INSTRUCTIONS TO FOLLOW: Set down exactly the lines below between the line holding "bereinigŭng und Katasterwesen" and the line holding "gen vorübergehend als", inclusive; no other line belongs in the answer.

Saved entries:
■ ■ ■ ■ ■

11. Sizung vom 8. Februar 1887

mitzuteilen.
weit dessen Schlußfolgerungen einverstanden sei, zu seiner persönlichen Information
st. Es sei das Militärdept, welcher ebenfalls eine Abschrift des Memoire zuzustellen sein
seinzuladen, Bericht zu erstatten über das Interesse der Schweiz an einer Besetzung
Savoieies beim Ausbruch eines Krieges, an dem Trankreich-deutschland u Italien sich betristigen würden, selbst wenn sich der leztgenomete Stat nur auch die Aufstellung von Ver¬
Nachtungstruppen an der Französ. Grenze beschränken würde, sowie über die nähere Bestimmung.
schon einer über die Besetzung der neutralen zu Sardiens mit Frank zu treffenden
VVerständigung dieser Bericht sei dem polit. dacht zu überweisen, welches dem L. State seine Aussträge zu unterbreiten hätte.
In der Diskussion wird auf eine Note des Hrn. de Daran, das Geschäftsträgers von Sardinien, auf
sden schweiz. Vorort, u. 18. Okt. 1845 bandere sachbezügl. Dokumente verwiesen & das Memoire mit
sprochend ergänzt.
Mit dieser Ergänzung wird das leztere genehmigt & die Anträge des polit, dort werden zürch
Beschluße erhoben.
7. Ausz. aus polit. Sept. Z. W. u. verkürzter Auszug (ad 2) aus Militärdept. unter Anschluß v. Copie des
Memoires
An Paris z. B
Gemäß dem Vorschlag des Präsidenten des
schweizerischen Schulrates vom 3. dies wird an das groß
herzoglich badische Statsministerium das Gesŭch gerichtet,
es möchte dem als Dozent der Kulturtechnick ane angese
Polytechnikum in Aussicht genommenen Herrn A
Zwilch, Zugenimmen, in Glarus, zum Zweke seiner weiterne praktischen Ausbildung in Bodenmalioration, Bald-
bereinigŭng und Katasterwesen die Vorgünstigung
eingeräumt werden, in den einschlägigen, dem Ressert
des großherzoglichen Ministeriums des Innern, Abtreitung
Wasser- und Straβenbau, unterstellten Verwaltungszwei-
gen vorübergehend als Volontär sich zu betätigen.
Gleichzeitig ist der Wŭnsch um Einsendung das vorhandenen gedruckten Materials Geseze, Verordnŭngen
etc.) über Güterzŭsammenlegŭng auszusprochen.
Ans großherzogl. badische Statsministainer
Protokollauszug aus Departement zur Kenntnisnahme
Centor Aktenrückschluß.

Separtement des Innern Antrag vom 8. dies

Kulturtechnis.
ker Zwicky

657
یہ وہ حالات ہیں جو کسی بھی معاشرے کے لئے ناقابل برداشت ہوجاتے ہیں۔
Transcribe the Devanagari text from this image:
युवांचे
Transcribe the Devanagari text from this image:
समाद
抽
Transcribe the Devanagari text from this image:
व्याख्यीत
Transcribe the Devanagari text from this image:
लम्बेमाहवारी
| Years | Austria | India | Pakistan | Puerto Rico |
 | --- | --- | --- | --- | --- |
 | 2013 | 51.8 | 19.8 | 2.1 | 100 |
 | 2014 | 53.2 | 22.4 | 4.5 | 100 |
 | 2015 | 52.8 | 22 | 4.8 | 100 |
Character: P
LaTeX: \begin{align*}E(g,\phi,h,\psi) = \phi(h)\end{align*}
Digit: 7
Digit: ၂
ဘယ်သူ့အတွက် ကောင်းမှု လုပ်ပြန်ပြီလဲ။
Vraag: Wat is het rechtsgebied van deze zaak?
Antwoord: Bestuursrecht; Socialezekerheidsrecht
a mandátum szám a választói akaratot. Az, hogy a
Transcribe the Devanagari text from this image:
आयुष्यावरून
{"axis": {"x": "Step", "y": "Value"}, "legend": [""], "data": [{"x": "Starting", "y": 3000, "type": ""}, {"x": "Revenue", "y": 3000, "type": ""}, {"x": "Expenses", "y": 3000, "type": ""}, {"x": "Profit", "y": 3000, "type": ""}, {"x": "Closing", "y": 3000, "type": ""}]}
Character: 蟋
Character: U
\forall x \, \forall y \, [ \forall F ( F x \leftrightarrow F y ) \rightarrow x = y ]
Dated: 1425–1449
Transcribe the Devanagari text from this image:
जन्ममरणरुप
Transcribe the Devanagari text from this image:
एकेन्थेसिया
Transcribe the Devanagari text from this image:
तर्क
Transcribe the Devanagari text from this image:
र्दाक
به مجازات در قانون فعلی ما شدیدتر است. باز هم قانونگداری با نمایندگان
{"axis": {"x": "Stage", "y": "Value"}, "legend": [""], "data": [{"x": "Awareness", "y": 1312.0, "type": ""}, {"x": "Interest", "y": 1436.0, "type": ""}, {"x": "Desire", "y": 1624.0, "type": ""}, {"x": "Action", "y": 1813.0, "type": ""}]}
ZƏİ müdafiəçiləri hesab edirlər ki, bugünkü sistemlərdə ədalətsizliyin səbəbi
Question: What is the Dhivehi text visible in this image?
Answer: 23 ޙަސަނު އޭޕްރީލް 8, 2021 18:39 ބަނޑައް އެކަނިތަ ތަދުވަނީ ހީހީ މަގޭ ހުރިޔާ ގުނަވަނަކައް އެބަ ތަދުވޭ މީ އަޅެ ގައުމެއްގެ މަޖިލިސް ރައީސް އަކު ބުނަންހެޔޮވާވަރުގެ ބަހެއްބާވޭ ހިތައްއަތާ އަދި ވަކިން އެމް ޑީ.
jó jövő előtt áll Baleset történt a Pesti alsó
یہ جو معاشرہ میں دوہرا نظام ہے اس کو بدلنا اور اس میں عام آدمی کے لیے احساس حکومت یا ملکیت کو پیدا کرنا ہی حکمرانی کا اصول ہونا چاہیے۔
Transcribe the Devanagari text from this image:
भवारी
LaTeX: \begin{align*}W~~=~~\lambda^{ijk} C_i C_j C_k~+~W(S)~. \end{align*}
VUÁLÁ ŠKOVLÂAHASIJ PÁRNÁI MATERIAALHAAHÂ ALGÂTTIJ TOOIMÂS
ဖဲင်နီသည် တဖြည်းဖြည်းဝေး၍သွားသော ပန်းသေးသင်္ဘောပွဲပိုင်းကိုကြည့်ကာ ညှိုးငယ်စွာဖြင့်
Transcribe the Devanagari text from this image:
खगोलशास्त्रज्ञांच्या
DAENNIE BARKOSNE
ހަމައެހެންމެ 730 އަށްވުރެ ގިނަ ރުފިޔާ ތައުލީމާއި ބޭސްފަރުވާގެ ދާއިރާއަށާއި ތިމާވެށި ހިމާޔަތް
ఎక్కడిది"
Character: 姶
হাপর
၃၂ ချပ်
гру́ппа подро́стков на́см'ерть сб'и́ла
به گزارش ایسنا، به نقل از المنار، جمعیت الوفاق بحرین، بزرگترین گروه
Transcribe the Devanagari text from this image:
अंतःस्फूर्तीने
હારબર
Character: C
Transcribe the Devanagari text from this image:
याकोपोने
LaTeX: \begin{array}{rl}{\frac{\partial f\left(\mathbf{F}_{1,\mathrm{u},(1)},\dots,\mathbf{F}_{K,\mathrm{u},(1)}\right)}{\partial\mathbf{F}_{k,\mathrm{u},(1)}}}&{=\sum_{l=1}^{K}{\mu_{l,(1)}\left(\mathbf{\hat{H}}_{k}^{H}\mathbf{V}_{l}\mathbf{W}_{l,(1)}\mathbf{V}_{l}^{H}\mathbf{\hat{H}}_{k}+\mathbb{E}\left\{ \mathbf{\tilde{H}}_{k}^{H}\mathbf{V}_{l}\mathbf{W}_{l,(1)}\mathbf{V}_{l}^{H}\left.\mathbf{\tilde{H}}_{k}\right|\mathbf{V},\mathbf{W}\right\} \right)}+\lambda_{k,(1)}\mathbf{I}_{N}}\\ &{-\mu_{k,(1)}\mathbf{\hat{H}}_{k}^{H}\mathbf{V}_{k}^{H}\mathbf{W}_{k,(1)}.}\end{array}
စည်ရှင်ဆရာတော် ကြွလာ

■ ■ ■ ■ ■

EXERCISE OUTPUT:
bereinigŭng und Katasterwesen die Vorgünstigung
eingeräumt werden, in den einschlägigen, dem Ressert
des großherzoglichen Ministeriums des Innern, Abtreitung
Wasser- und Straβenbau, unterstellten Verwaltungszwei-
gen vorübergehend als Volontär sich zu betätigen.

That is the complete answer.